In Deep Impact, we get several narratives woven together to create the storyline, as we examine how the president, the news media, a space crew, and average Americans digest a dire situation which may lead to the end of the world. Fortunately for humanity, there is much more time to come up with a plan to stop the comet from hitting us than in Armageddon. So it doesn’t seem so far-fetched when the team of assembled astronauts is able to manage the daunting challenge of landing on a comet or when we learn the U.S. government has constructed an enormous bunker in Missouri to save one million people. In Deep Impact, we must deal with several dilemmas—how do we inform the people of this kind of event, who do we try to save from dying, where do we want to spend our last moments alive, etc. This format of following different people opens the door to wider discussion of ethical issues, which makes it easier to overlook glaring implausibilities of the film, like (spoiler alert) when Elijah Wood’s character travels from Missouri to Virginia by motorbike to save a girl from the tidal wave and escapes its wrath by mere inches.   
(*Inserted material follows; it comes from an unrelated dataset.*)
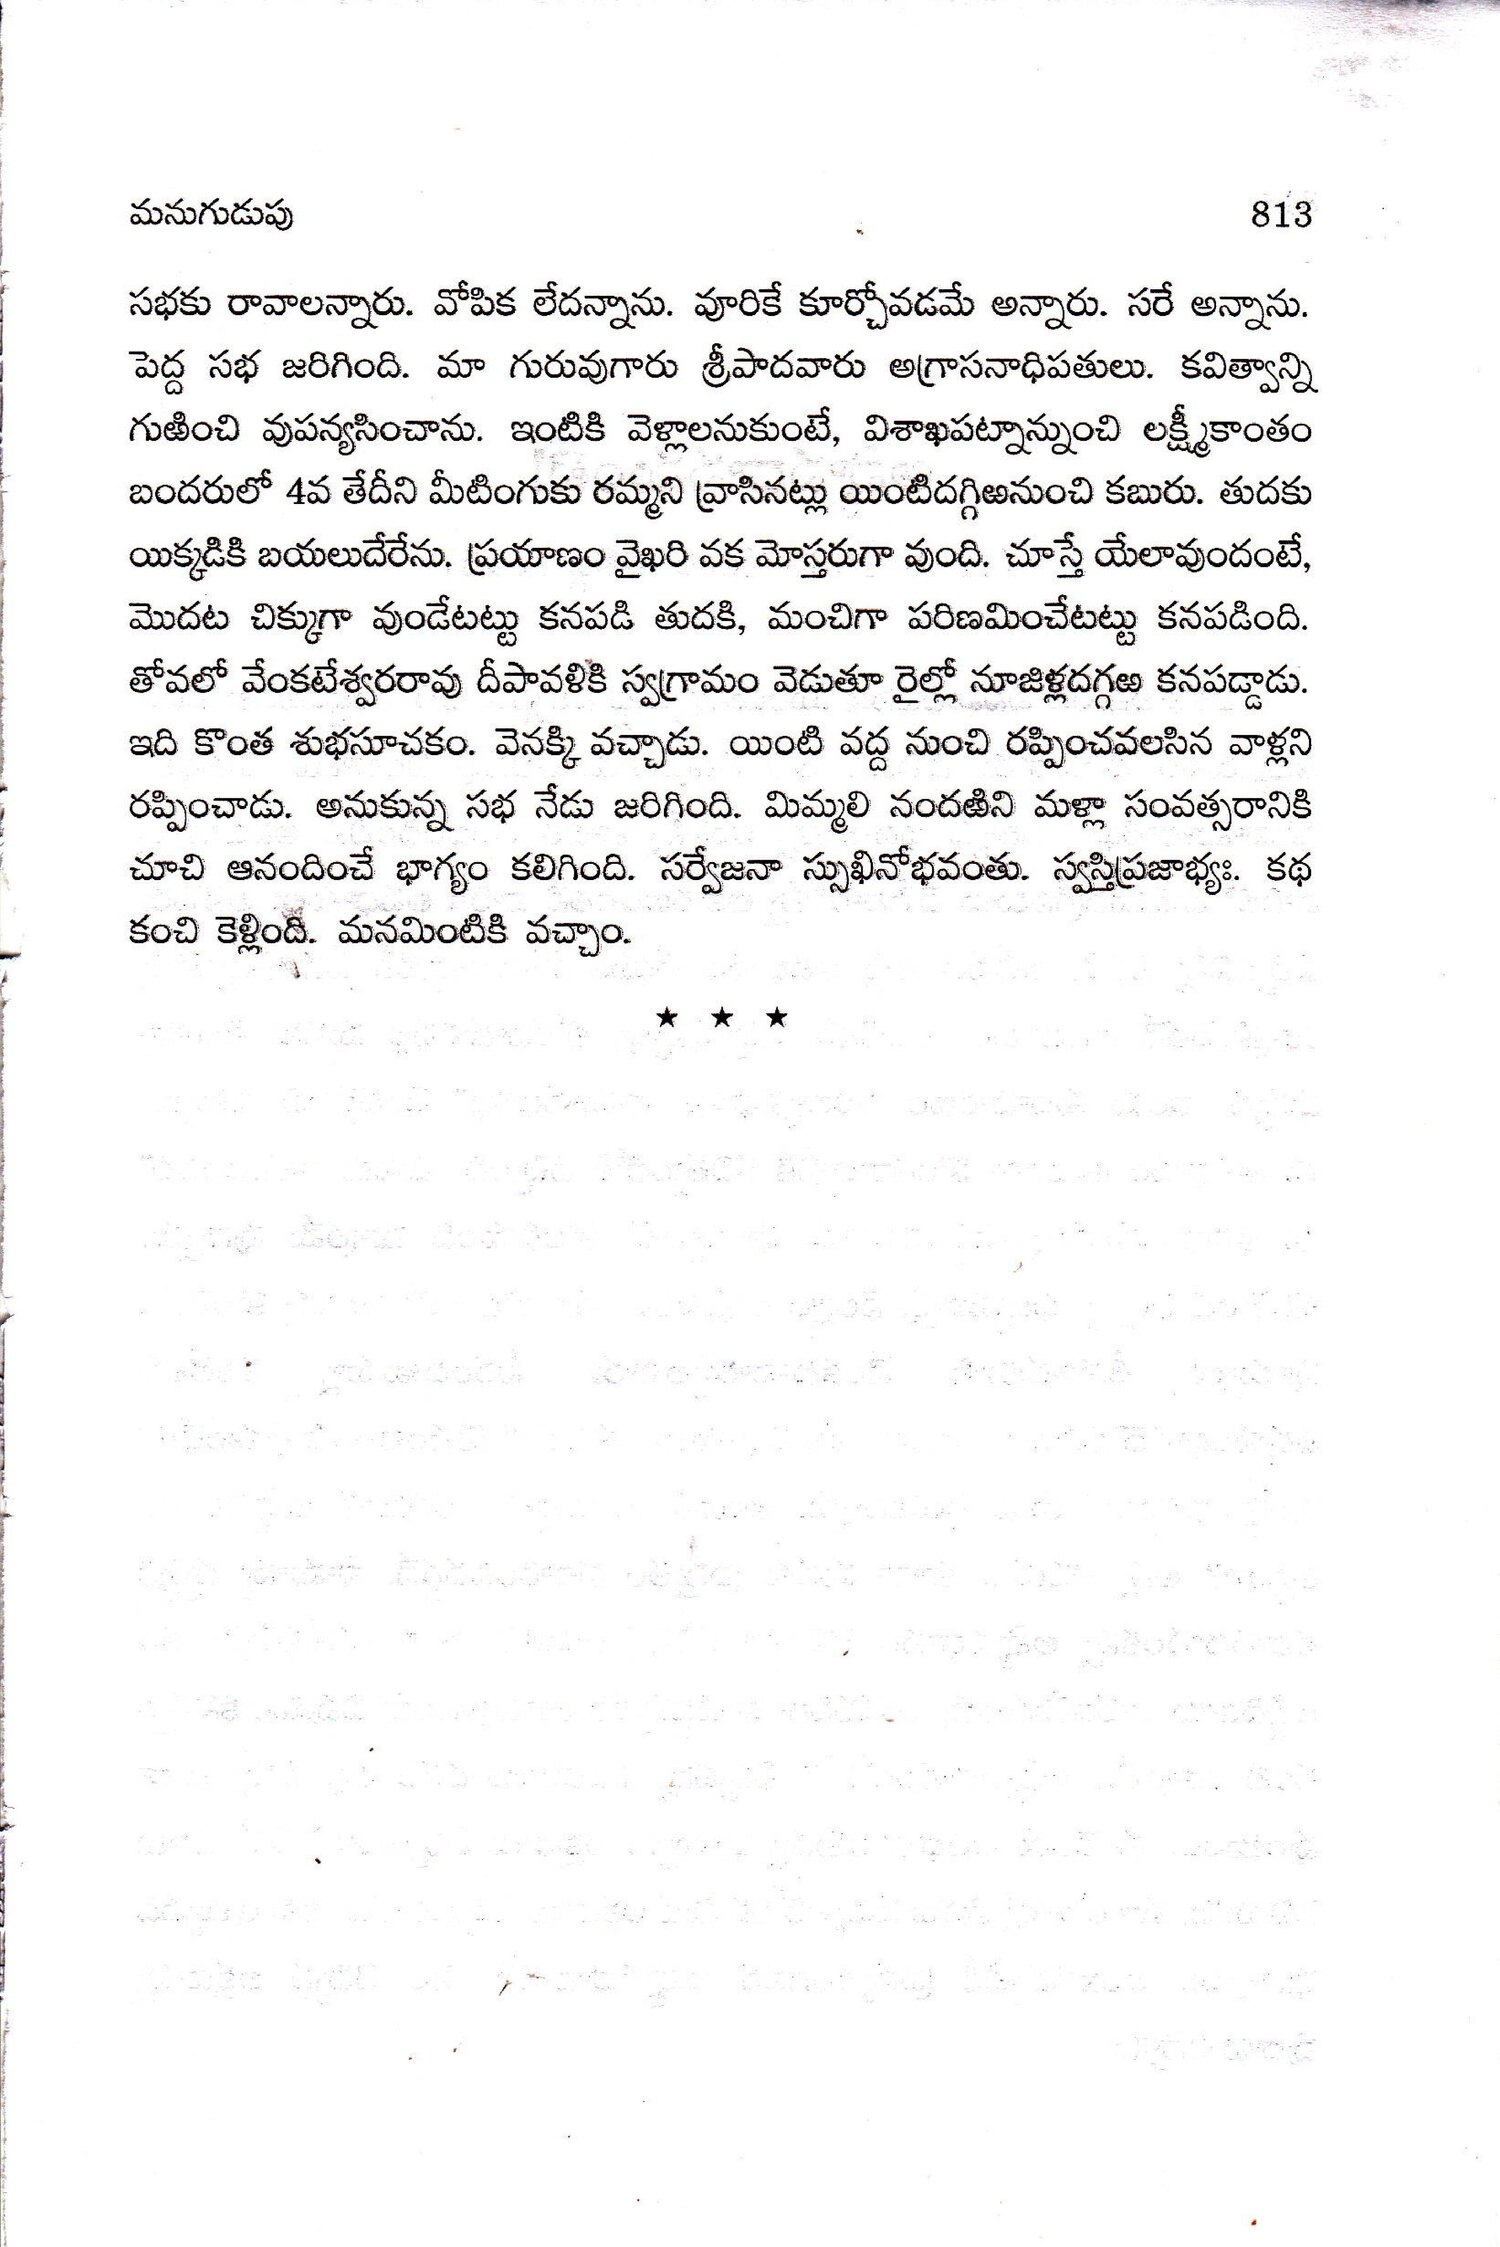సభకు రావాలన్నారు. వోపిక లేదన్నాను. వూరికే కూర్చోవడమే అన్నారు. సరే అన్నాను. పెద్ద సభ జరిగింది. మా గురువుగారు శ్రీపాదవారు అగ్రాసనాధిపతులు. కవిత్వాన్ని గుఱించి వుపన్యసించాను. ఇంటికి వెళ్లాలనుకుంటే, విశాఖపట్నాన్నుంచి లక్ష్మీకాంతం బందరులో 4వ తేదీని మీటింగుకు రమ్మని వ్రాసినట్లు యింటిదగ్గిఱనుంచి కబురు. తుదకు యిక్కడికి బయలుదేరేను. ప్రయాణం వైఖరి వక మోస్తరుగా వుంది. చూస్తే యేలావుందంటే, మొదట చిక్కుగా వుండేటట్టు కనపడి తుదకి, మంచిగా పరిణమించేటట్టు కనపడింది. తోవలో వేంకటేశ్వరరావు దీపావళికి స్వగ్రామం వెడుతూ రైల్లో నూజిళ్లదగ్గఱ కనపడ్డాడు. ఇది కొంత శుభసూచకం. వెనక్కి వచ్చాడు. యింటి వద్ద నుంచి రప్పించవలసిన వాళ్లని రప్పించాడు. అనుకున్న సభ నేడు జరిగింది. మిమ్మలి నందఱిని మళ్లా సంవత్సరానికి చూచి ఆనందించే భాగ్యం కలిగింది. సర్వేజనా స్సుఖినోభవంతు. స్వస్తిప్రజాభ్యః కథ కంచి కెళ్లింది. మనమింటికి వచ్చాం.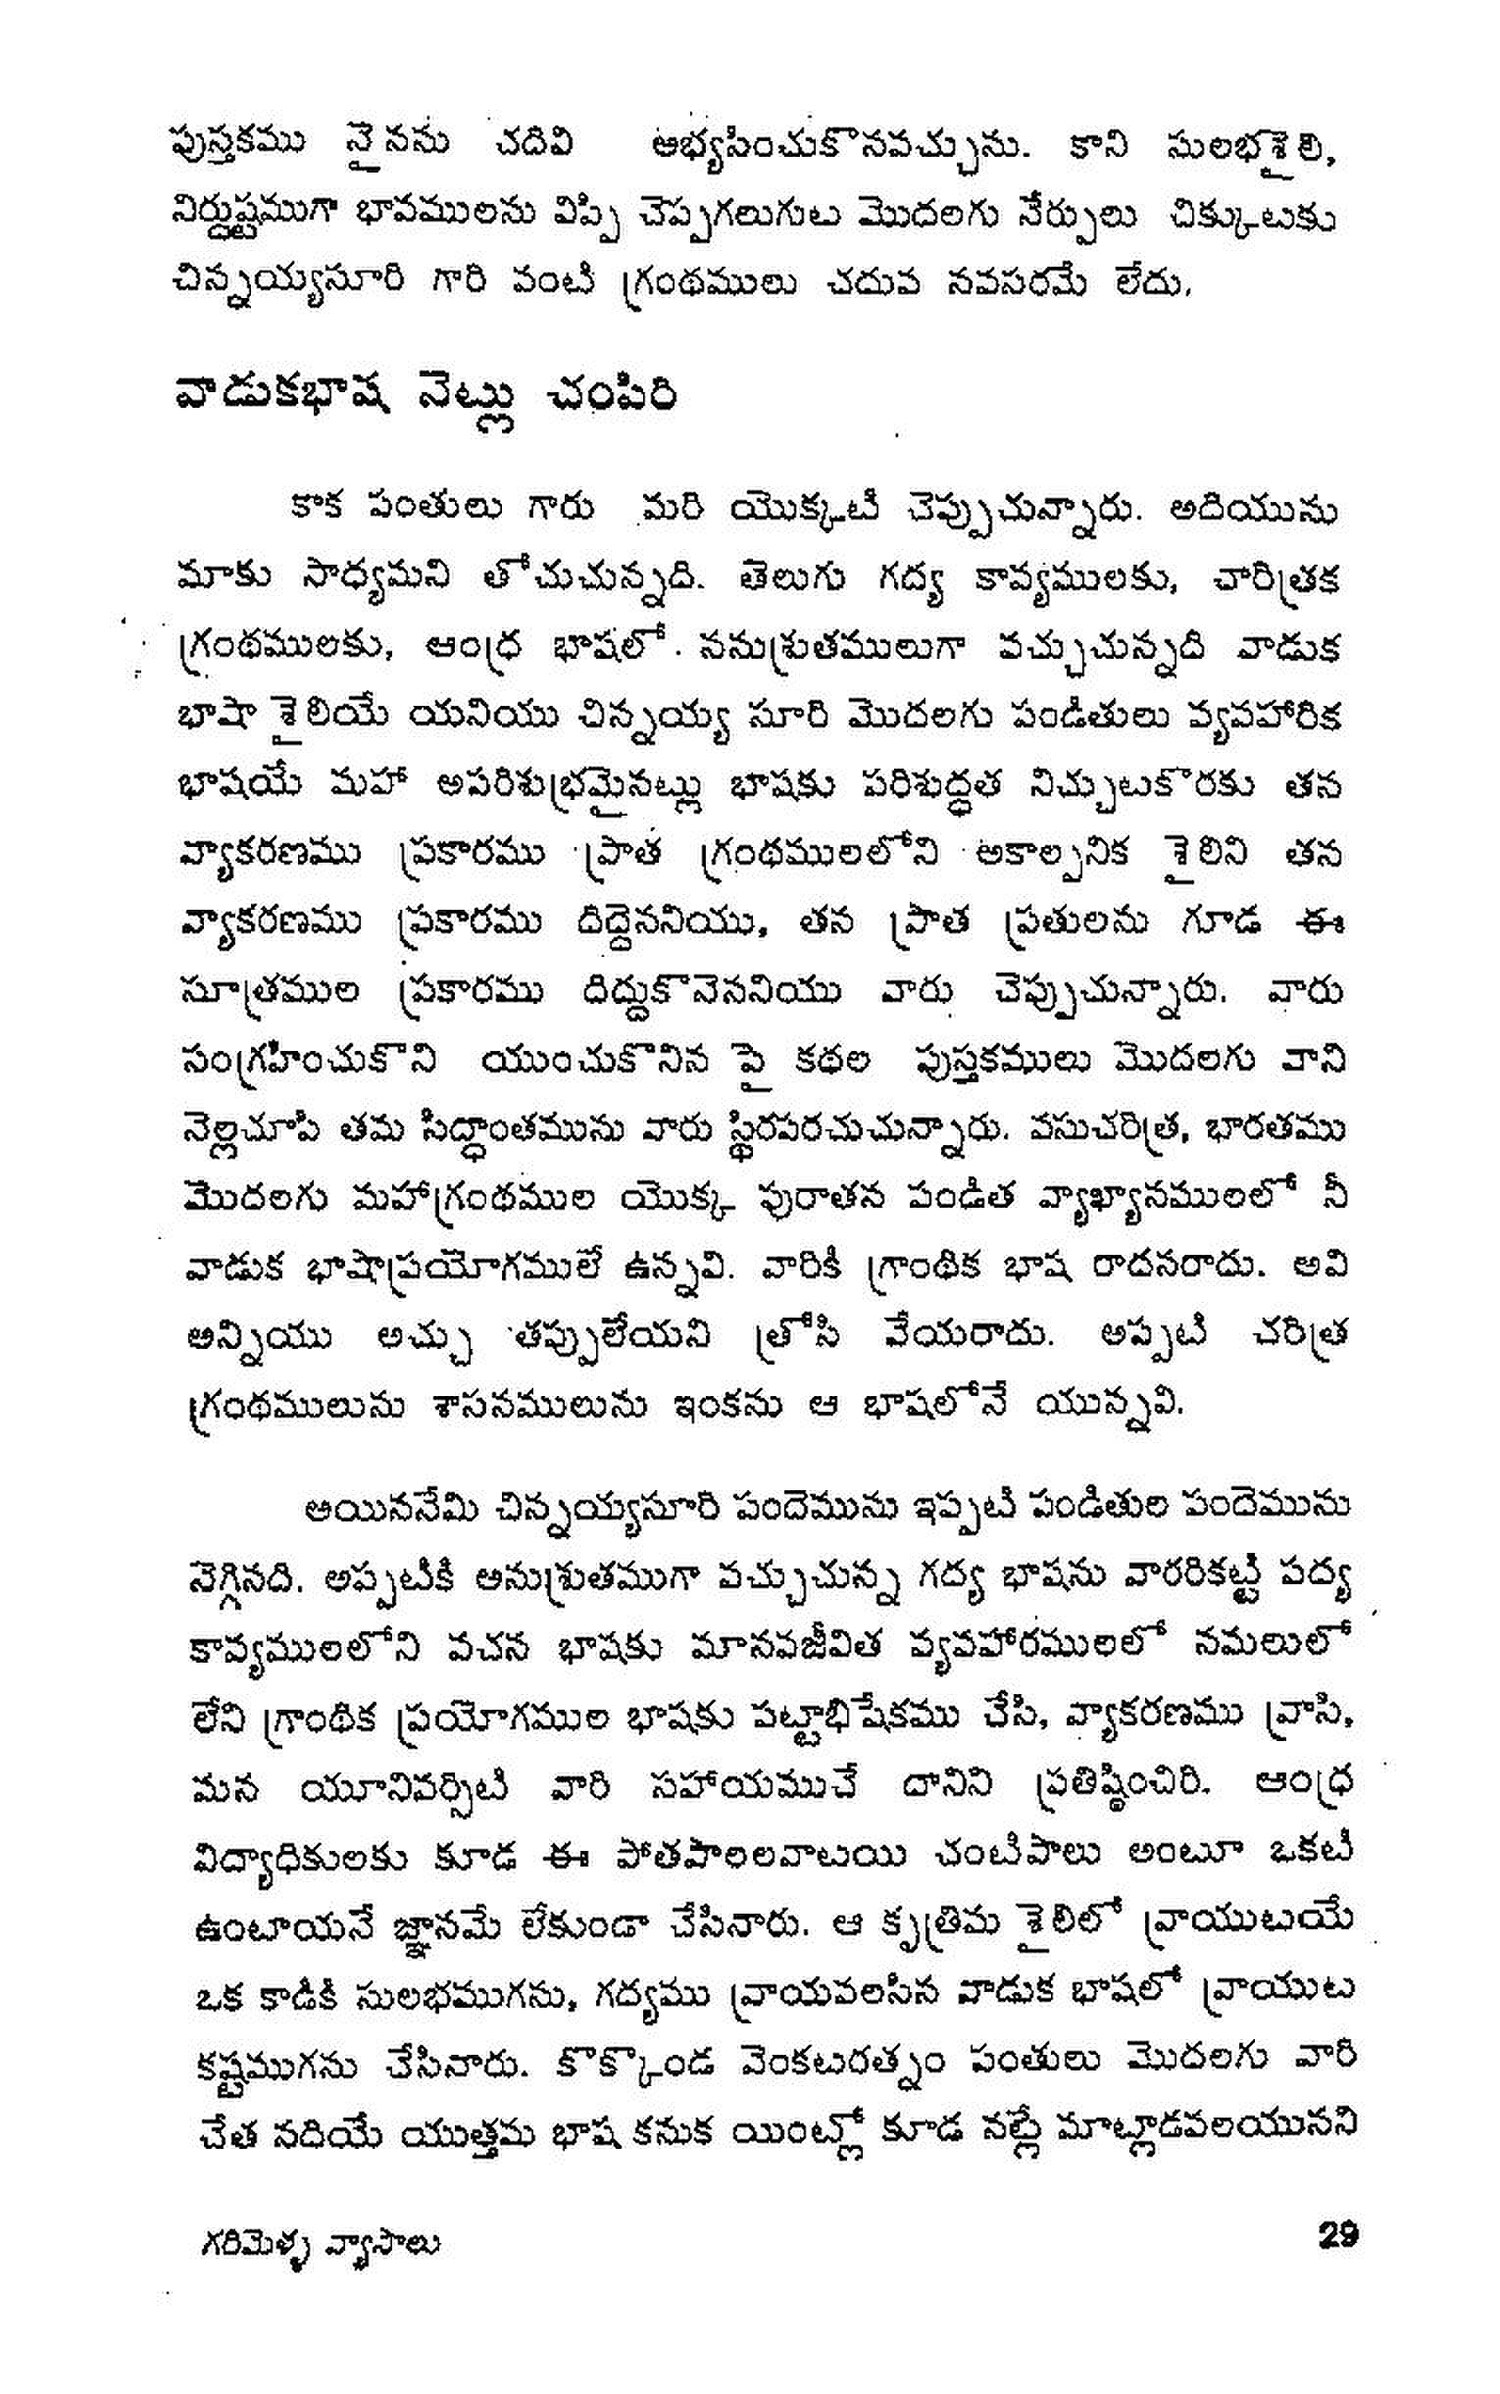పుస్తకము నైనను చదివి అభ్యసించుకొనవచ్చును. కాని సులభశైలి నిర్ధుష్టముగా భావములను విప్పి చెప్పగలుగుట మొదలగు నేర్పులు చిక్కుటకు చిన్నయ్యసూరి గారి వంటి గ్రంథములు చదువ నవసరమే లేదు.

వాడుకభాష నెట్లు చంపిరి

కాక పంతులు గారు మరి యొక్కటి చెప్పుచున్నారు. అదియును మాకు సాధ్యమని తోచుచున్నది. తెలుగు గద్య కావ్యములకు, చారిత్రక గ్రంథములకు, ఆంధ్ర భాషలో ననుశ్రుతములుగా వచ్చుచున్నది వాడుక భాషా శైలియే యనియు చిన్నయ్యసూరి మొదలగు పండితులు వ్యవహారిక భాషయే మహా అపరిశుభ్రమైనట్లు భాషకు పరిశుద్ధత నిచ్చుటకొరకు తన వ్యాకరణము ప్రకారము ప్రాత గ్రంథములలోని అకాల్పనిక శైలిని తన వ్యాకరణము ప్రకారము దిద్దెననియు, తన ప్రాత ప్రతులను గూడ ఈ సూత్రముల ప్రకారము దిద్దుకొనెననియు వారు చెప్పుచున్నారు. వారు సంగ్రహించుకొని యుంచుకొనిన పై కథల పుస్తకములు మొదలగు వాని నెల్లచూపి తమ సిద్ధాంతమును వారు స్థిరపరచుచున్నారు. వసుచరిత్ర, భారతము మొదలగు మహాగ్రంథముల యొక్క పురాతన పండిత వ్యాఖ్యానములలో నీ వాడుక భాషాప్రయోగములే ఉన్నవి. వారికి గ్రాంథిక భాష రాదనరాదు. అవి అన్నియు అచ్చు తప్పులేయని త్రోసి వేయరాదు. అప్పటి చరిత్ర గ్రంథములును శాసనములును ఇంకను ఆ భాషలోనే యున్నవి.

అయిననేమి చిన్నయ్యసూరి పందెమును ఇప్పటి పండితుల పందెమును నెగ్గినది. అప్పటికి అనుశ్రుతముగా వచ్చుచున్న గద్య భాషను వారరికట్టి పద్య కావ్యములలోని వచన భాషకు మానవజీవిత వ్యవహరములలో నమలులో లేని గ్రాంథిక ప్రయోగముల భాషకు పట్టాభిషేకము చేసి, వ్యాకరణము వ్రాసి, మన యూనివర్సిటీ వారి సహాయముచే దానిని ప్రతిష్ఠించిరి. ఆంధ్ర విద్యాధికులకు కూడ ఈ పోతపాలలవాటయి చంటిపాలు అంటూ ఒకటి ఉంటాయనే జ్ఞానము లేకుండా చేసినారు. ఆ కృత్రిమ శైలిలో వ్రాయుటయే ఒక కాడికి సులభముగను, గద్యము వ్రాయవలసిన వాడుక భాషలో వ్రాయుట కష్టముగను చేసినారు. కొక్కొండ వెంకటరత్నం పంతులు మొదలగు వారి చేత నదియే యుత్తమ భాష కనుక యింట్లో కూడ నట్లే మాట్లాడవలయునని

While much of the screen shots in Armageddon are impressively expansive, the story in that film feels much smaller. You don’t get a good sense of how people on the ground are handling this situation. It’s all about Bruce and Ben fixing the problem and figuring out how to get back home to Liv Tyler—a scenario which is less interesting to me than figuring out how different people would respond to the impending end of human history. The resolution in both films involves sacrifice to save humanity. However, given the stakes, Deep Impact gets things worked out in a more digestible way. In that film, a lot of people die as we are unable to fully stop the comet from striking the Atlantic and creating a massive wave that swallows a great deal of land and people. We lose some key characters along the way, but in the end, Morgan Freeman and the nation vow to rebuild. In Armageddon, at the very last minute, Bruce Willis pulls the trigger, the asteroid explodes, and its constituent pieces manage to miss earth entirely. Sure, it’s a happier ending, but it feels a lot more forced and a lot less realistic than what transpires in Deep Impact. Also of note, Deep Impact accomplishes the feat of saving earth in 30 fewer minutes than Armageddon, which I count as an extremely good thing.

Special Effects
With a budget of $140 million (versus $75 million for Deep Impact), Armageddon easily gets the nod in this category. As should be expected for a Michael Bay film, the shots of the crew in space and the depictions of the asteroid itself are pretty spectacular. The asteroid is oddly beautiful and frightening at the same time, which enhances a film with an otherwise shaky plot. Deep Impact’s best effects occur after the comet hits and the tidal wave crushes Téa Leoni and most of the eastern seaboard. Outside of these shots, though, none of the effects were particularly memorable.

Overall Evaluation 
The fact Paris was the only city (aside from a few boats which were bombarded in Shanghai) destroyed in Armageddon was an insult this Francophile could not forgive. Notwithstanding the incomprehensibly low odds of a piece of rock hitting that exact spot, this occurrence underscores the major issue with Armageddon: this movie is about ensuring Liv Tyler is not forever separated from Ben Affleck, the rest of the world be damned. In Deep Impact, by following different stories of people dealing with the implications of the end of the world, I got a better grasp of what this kind of threat would mean for the planet. Also, I am a big fan of rooting for the underdog, and Armageddon and its massive budget outdid Deep Impact at the box office by more than $200 million. So if I ever find myself in the unlikely position of having to choose one or the other to watch again, it would certainly be Deep Impact. Though I think it’s a safe bet I won’t be tuning in anytime soon—unless an asteroid or comet starts heading this way, and I determine the best course of action is reviewing late 20th century motion pictures for guidance.